Event

Mossman Lecture | Science & Art in a Sixteenth-Century Workshop: Hands-On History in the Making and Knowing Project

Monday, March 22, 2021 17:00to18:00
Livestreamed - Eastern Standard Time

The Mossman Endowment of McGill University presents the Elizabeth B. McNab Lecture in the History of Science. This year's lecture entitled "Science and Art in a Sixteenth-Century Workshop: Hands-On History in the Making and Knowing Project" will be given virtually by Professor Pamela Smith.

 

About the Lecture: In 2020, the Making and Knowing Project (www.makingandknowing.org) released Secrets of Craft and Nature in Renaissance France, an open-access digital edition of an anonymous late sixteenth-century French technical manuscript containing over 900 "recipes" for art objects and technical processes. Over the previous five years, hundreds of collaborators worked to create this edition, including by laboratory reconstructions of the recipes. What lessons for the histories of science and art do we learn from such hands-on history? This lecture will introduce the Project and its edition, and discuss the insights the Project gained into obscure materials, lost techniques, implausible mixtures, and the material and conceptual world of craftspeople in the sixteenth century.

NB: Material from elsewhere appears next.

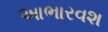
આભારવશ
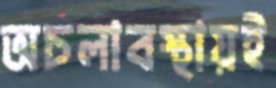
অচলাবস্থায়ই

Pamela H. Smith is Seth Low professor of history at Columbia University, and founding Director of the Center for Science and Society and of its cluster project The Making and Knowing Project (www.makingandknowing.org). Her articles and books examine craft and practice, and its relationship to scientific knowledge. The Body of the Artisan (2004), and her forthcoming From Lived Experience to the Written Word: Reconstructing Practical Knowledge in the Early Modern World (forthcoming Chicago) make a case for treating craft/art as a way of knowing. In the edited volumes Ways of Making and Knowing (ed. with Amy R. W. Meyers and Harold Cook, pbk 2017) and The Matter of Art (ed. with Christy Anderson and Anne Dunlop, pbk 2016). An edited volume, Entangled Itineraries: Materials, Practices, and Knowledges across Eurasia (2019), deals with the movement of material across Eurasia before 1800. In a collaborative research and teaching initiative, The Making and Knowing Project, she and the Making and Knowing Team investigate the intersection of craft making and scientific knowing by text-, object-, and laboratory-based research on the technical and artistic recipes contained in a sixteenth-century French manuscript BnF Ms. Fr. 640. In 2020 they released a digital critical edition and English Translation of the manuscript, Secrets of Craft and Nature in Renaissance France.


This lecture is supported by The Friends of McGill University Inc. The Friends of McGill University Inc. is a US corporation incorporated in 1945. It provides grants for charitable, scientific, educational, and literary activities, including providing scholarships to enable students from the US to enter McGill University.